O ministro do Ambiente cabo-verdiano fechou as intervenções com detalhadas referências ao contexto socioeconómico e político, aos constrangimentos e às oportunidades para o desenvolvimento de Cabo Verde enquanto país simultaneamente exemplar e singular na CPLP. A importância da investigação científica sobre o Clima e Recursos Naturais, e o papel da cooperação entre países do espaço lusófono foram apontadas pelo governante como centrais no apoio ao desenvolvimento desses países.
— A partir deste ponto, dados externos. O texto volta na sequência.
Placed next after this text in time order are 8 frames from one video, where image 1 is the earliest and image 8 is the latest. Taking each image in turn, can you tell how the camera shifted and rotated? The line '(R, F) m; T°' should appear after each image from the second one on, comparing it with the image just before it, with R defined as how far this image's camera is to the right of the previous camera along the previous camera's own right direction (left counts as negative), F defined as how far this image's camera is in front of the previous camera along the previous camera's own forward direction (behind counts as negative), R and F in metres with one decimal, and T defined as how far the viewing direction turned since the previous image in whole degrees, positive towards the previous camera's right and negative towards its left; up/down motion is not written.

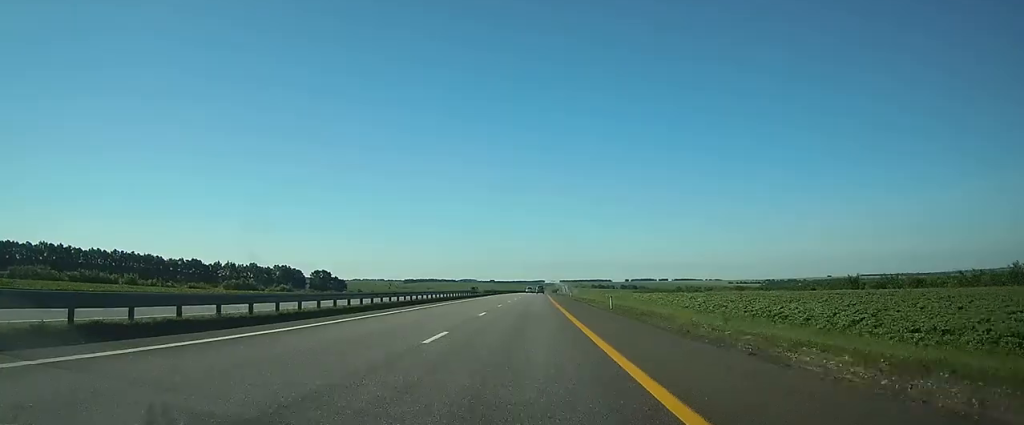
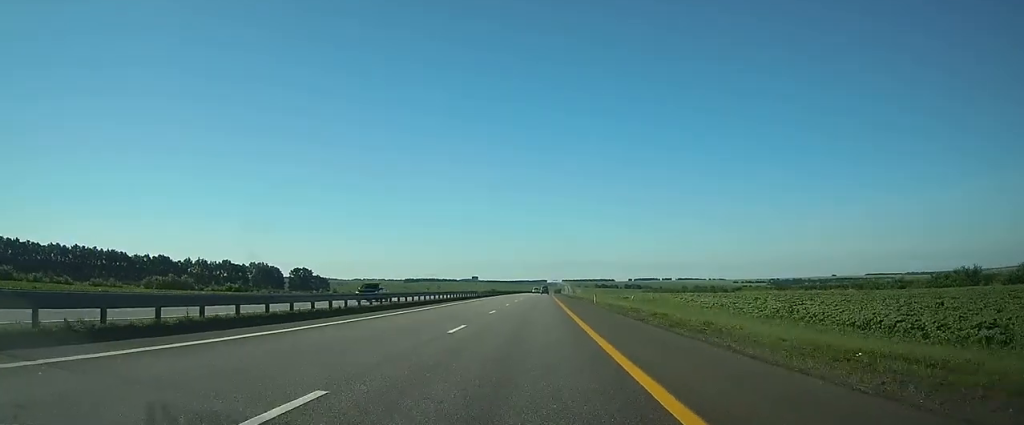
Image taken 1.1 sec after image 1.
(+0.1, +33.4) m; 0°
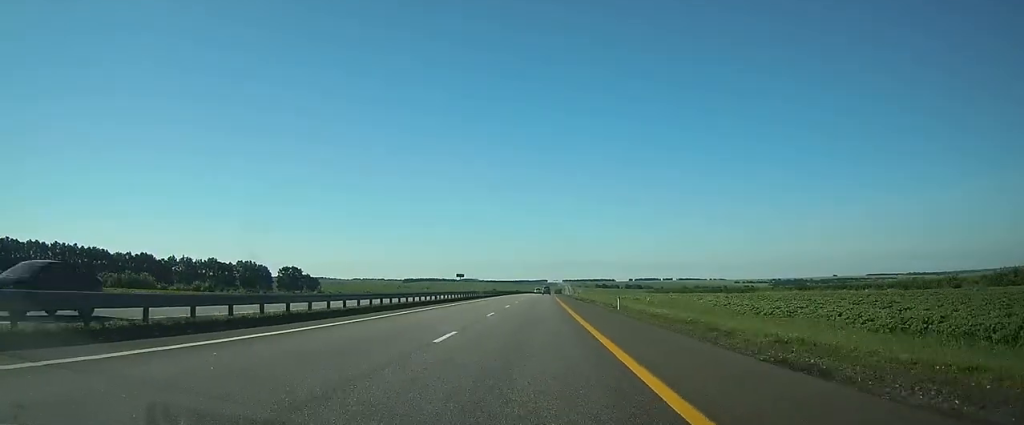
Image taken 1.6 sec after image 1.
(0.0, +14.7) m; 0°
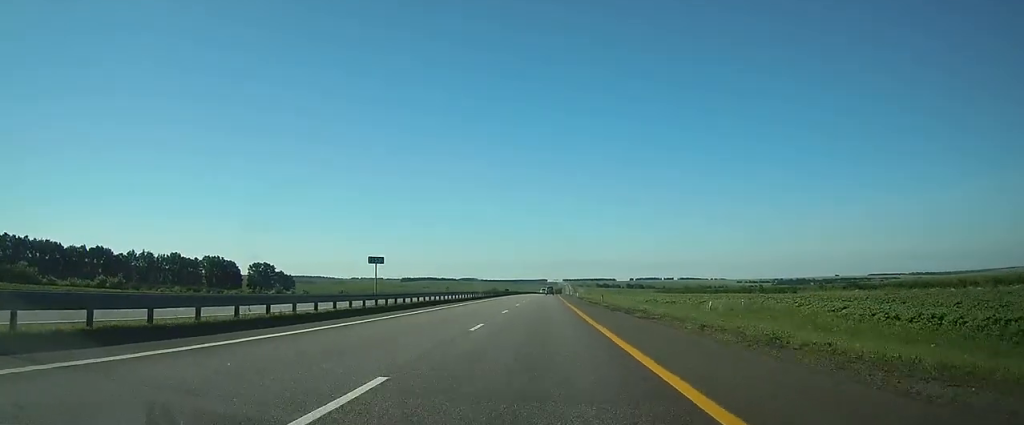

A sede do CIICLAA irá situar-se em Cabo Verde.
De referir que, de forma a aumentar a divulgação deste evento, realizaram-se quatro palestras virtuais que serão colocadas no repositório do IPB, no iTunes University. Será, assim, o primeiro evento português colocado nesta plataforma mundial.
O II Workshop Internacional sobre Clima e Recursos Naturais, em Bragança, foi um passo decisivo para o avanço do projecto em estudo há dois anos, sendo que juntou na mesma mesa, durante uma semana, participantes de vários países lusófonos.
A súmula de actividades foi apresentada por João Côrte-Real, do Instituto de Ciências Agrárias e Ambientais Mediterrânicas, da Universidade de Évora, que enalteceu a importância dos propósitos e o sucesso que representaram as metas alcançadas durante o certame, designadamente a obtenção do Acordo de Princípios com vista à criação do CIICLAA.
Os objectivos "futuristas" do CIICLAA
Uma das grandes metas do CIICLAA passa por fomentar a investigação aplicada na área do clima e ambiente, em articulação com instituições de investigação e entidades a operar naqueles domínios. Têm como missão contribuir para o desenvolvimento sustentável dos países da CPLP e África, designadamente através de serviços de informação climática. Existirá uma ligação estreita entre produtores e utilizadores, respeitando as competências próprias e missão dos seus membros, enquadrando a sua acção com as orientações estratégicas da CPLP e da Agência CRIA.
O que fará o CIICLAA?
- Promoverá estratégias de resposta aos problemas associados a catástrofes naturais, variabilidade e/ou alterações climáticas e seus impactos;
- Criará competências para o desenvolvimento de cenários do clima futuro, bem como para a sustentação científica de estratégias de mitigação/adaptação;
- Promoverá linhas de investigação específicas direccionadas para as necessidades do sector produtivo;
- Apoiará a formação e capacitação de quadros técnicos e científicos, e de docentes e investigadores em todos os domínios da sua actuação, através de programas específicos.